Methods: A total of 1006 critically ill adult patients (aged ≥ 18 years) were included in the model development group, and 300 adult patients comprised the external validation group. The development data were partitioned into training (80%) and testing (20%) sets. Hyperparameters were optimized via 5-fold cross-validation on the training set, eliminating the need for a separate validation set while ensuring internal validation. External validation was performed on an independent group to assess generalizability. Predictors were selected using random forest recursive feature elimination; seven machine learning models-Extreme Gradient Boosting (XGBoost), random forest, decision tree, support vector machine (SVM), Gaussian naive Bayes, k-nearest neighbor (k-NN), and logistic regression-were trained and evaluated for accuracy, precision, recall, F1 score, Area Under the Receiver Operating Characteristic Curve (AUC-ROC), Area Under the Precision-Recall Curve (AUC-PR). Model interpretability was analyzed using SHapley Additive exPlanations (SHAP) to quantify feature contributions.

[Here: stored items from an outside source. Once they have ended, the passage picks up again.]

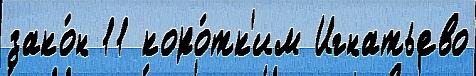
зако́н 11 коро́тк'им Игнатьево
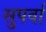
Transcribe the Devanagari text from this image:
सुपर्वा
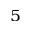
^ 5

Results: In the development phase, among 1006 patients, 34.0% had moderate malnutrition and 17.9% severe malnutrition. The XGBoost model achieved superior predictive accuracy with an accuracy of 0.90 (95% CI = 0.86-0.94), precision of 0.92 (95% CI = 0.88-0.95), recall of 0.92 (95% CI = 0.89-0.95), F1 score of 0.92 (95% CI = 0.89-0.95), AUC-ROC of 0.98 (95% CI = 0.96-0.99), and AUC-PR of 0.97 (95% CI = 0.95-0.99) on the testing set. External validation confirmed robust performance with an accuracy of 0.75 (95% CI: 0.70-0.79), precision of 0.79 (95% CI: 0.75-0.83), recall of 0.75 (95% CI: 0.70-0.79), F1 score of 0.74 (95% CI: 0.69-0.78), AUC-ROC of 0.88 (95% CI: 0.86-0.91), and AUC-PR of 0.77 (95% CI: 0.73-0.80).

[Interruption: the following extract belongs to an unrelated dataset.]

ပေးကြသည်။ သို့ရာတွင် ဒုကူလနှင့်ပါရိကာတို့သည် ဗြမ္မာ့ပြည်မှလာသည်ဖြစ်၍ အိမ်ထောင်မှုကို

Conclusions: Machine learning models, particularly XGBoost, demonstrated promising performance in early malnutrition prediction in ICU settings. The resultant web-based tool offers valuable resource for clinical decision support.

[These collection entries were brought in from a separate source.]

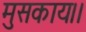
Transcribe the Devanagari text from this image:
मुसकाय।।
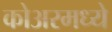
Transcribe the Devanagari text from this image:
कोअरमध्ये
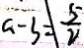
a - b = \frac { 5 } { 2 }
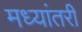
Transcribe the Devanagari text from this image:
मध्यांतरी
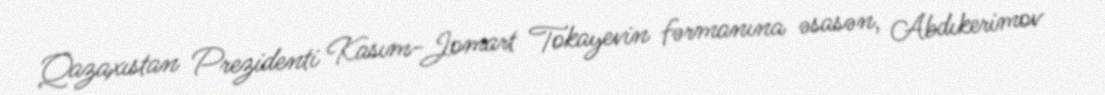
Qazaxıstan Prezidenti Kasım-Jomart Tokayevin fərmanına əsasən, Abdıkerimov
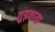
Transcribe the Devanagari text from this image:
तुड़वाया
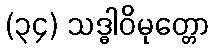
(၃၄) သဒ္ဓါဝိမုတ္တော
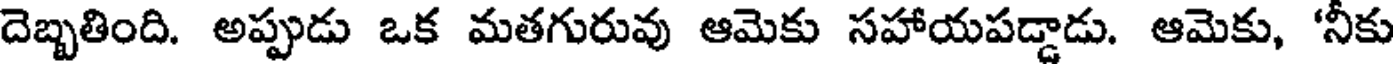
దెబ్బతింది. అప్పుడు ఒక మతగురువు ఆమెకు సహాయపడ్డాడు. ఆమెకు, 'నీకు
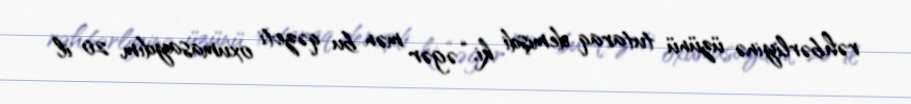
rəhbərliyinə üzünü tutaraq demişdi ki, “əgər mən bu qəzeti oxumasaydım, 20 il
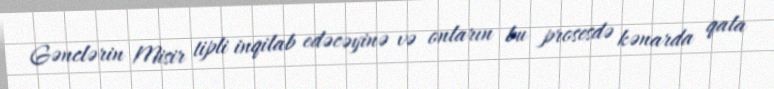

Trial registration: Chinese Clinical Trial Registry ChiCTR2200058286 ( https://www.chictr.org.cn/bin/project/edit? pid=248690 ). Registered 4th April 2022. Prospectively registered.

查看原文本刊更多论文

危重患者营养不良早期预测机器学习模型的开发和外部验证：一项前瞻性观察研究。

背景：早期发现危重症患者的营养不良对于及时干预和改善临床结果至关重要。然而，由于患者病情的复杂性和可变性，识别有风险的个体仍然具有挑战性。本研究旨在开发并外部验证用于预测重症监护病房（ICU）入院24小时内营养不良的机器学习模型，最终形成一个基于网络的营养不良预测工具，用于临床决策支持。方法：将1006例危重成人患者（≥18岁）作为模型开发组，300例成人患者作为外部验证组。开发数据被划分为训练集（80%）和测试集（20%）。通过对训练集进行5倍交叉验证来优化超参数，在确保内部验证的同时消除了对单独验证集的需要。外部验证在一个独立的组中进行，以评估通用性。采用随机森林递归特征消去法选择预测因子；七个机器学习模型-极端梯度增强（XGBoost），随机森林，决策树，支持向量机（SVM），高斯朴素贝叶斯，k-近邻（k-NN）和逻辑回归-进行了训练和评估的准确性，精密度，召回率，F1分数，接受者工作特征曲线下面积（AUC-ROC），精确度-召回率曲线下面积（AUC-PR）。模型可解释性分析采用SHapley加性解释（SHAP）来量化特征贡献。结果：1006例患者在发育阶段，中度营养不良占34.0%，重度营养不良占17.9%。XGBoost模型在测试集上的预测准确度为0.90 (95% CI = 0.86-0.94)，精密度为0.92 (95% CI = 0.88-0.95)，召回率为0.92 (95% CI = 0.89-0.95)， F1评分为0.92 (95% CI = 0.89-0.95)， AUC-ROC为0.98 (95% CI = 0.96-0.99)， AUC-PR为0.97 （95% CI = 0.95-0.99）。外部验证证实了稳健的性能，准确度为0.75 (95% CI: 0.70-0.79)，精密度为0.79 (95% CI: 0.75-0.83)，召回率为0.75 (95% CI: 0.70-0.79)， F1评分为0.74 (95% CI: 0.69-0.78)， AUC-ROC为0.88 (95% CI: 0.86-0.91)， AUC-PR为0.77 （95% CI: 0.73-0.80）。结论：机器学习模型，特别是XGBoost，在ICU环境下的早期营养不良预测中表现出了很好的表现。由此产生的基于网络的工具为临床决策支持提供了宝贵的资源。试验注册：中国临床试验注册中心ChiCTR2200058286 (https://www.chictr.org.cn/bin/project/edit？pid = 248690)。2022年4月4日注册。前瞻性登记。

本文章由计算机程序翻译，如有差异，请以英文原文为准。

求助全文

约1分钟内获得全文求助全文

来源期刊

BMC Medical Informatics and Decision Making 医学-医学：信息

CiteScore

7.20

自引率

5.70%

发文量

297

审稿时长

1 months

期刊介绍： BMC Medical Informatics and Decision Making is an open access journal publishing original peer-reviewed research articles in relation to the design, development, implementation, use, and evaluation of health information technologies and decision-making for human health.